Our so-called UK “democracy” requires a large number of significant repairs just to make it worthy of the title and this, along with climate change, should be our priority, not endless bickering about ideological issues and personal advancement while our economy is flushed down the pan.
P.G. (Plum) Wodehouse would not have agreed. His depiction of Roderick Spode, 7th Earl of Sidcup made the nature of dictatorship very clear indeed.
Indeed – this is no jesting matter – especially given the virtually dictatorial actions and attitudes taken by Theresa May as a supposedly ‘democratic’ PM at Westminster. She is behaving more and more as though she possessed, deserved and intended to use increasingly authoritarian powers, with no obsrvable regard for the norms of our supposedly democratic system.
In the absence of a written constitution and buttressed by the “peculiarly English concept of the ‘sovereignty of parliament’ which has no place in the law of Scotland” (Lord Cooper), these are very real and present dangers.
Paul Kavanagh’s robustly eighteenth century style of political censure might normally seem more savage than strictly necessary but his latest piece “The definition of tyranny” is so on the point here that readers here might value the link.
https://weegingerdug.wordpress.com/2018/12/17/the-definition-of-tyranny/
Well we certainly don’t want the opposite of a dictatorship which would be rampant democracy, referenda, and devolution to the lowest possible local authority level. Such an outcome would take us out of the EU and end up with us being something like Switzerland with its crazy levels of gun ownership and wine production among other things.

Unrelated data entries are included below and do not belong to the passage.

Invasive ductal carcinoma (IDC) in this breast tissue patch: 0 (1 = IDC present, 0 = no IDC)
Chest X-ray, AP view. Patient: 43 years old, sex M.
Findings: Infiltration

Surely there must be an intermediate level of dictatorship. I suggest a panel of yourself, Jonathan Bartley and Alexandria Ocazio-Cortez. If I had the money I’d give you an island in the Caribbean, of perhaps 40,000 square miles, just enough to have a balanced economy, and let you crack on. Tim Harford, John Key and Chloe Westley can have a similar sized unit in cold North Western Europe.
No thanks….
I have only disgust, as a scientist, for a technocracy.of banker-witch-doctors. I’ll take up the Caribbean autarky though, once I’ve found my cricket kit. Carny is a prime example of futility, let the planet burn Imperialists who really run the show. Utsa Patnaik would be better, though she does point out Britain ripped about £47 trillion out of India through people like Carny.

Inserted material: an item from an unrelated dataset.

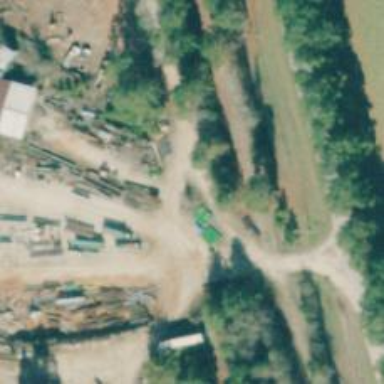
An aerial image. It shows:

I think we can joke about anything, but not everywhere.
His irony effort might be welcome in his kitchen, not so much in the very public FT, read by some balanced and some not so balanced people.
Fair!
I see this attitude a lot amongst the commentariat (and beyond). I also heard it around the dinner table, prior to the Great Financial Crisis (New Labour politically connected). Whether people proclaim themselves as democrats is immaterial. It is in their actions (and words) that they reveal their distain for the general populace. Part of the reason we are where we are is due to a strong bias against ordinary people, whether conscious bias or not. A lack of respect for people’s inherent value and their intellect runs right through our society. And a strong inclination to control people, to manage people and to render them voiceless. So much for Enlightenment.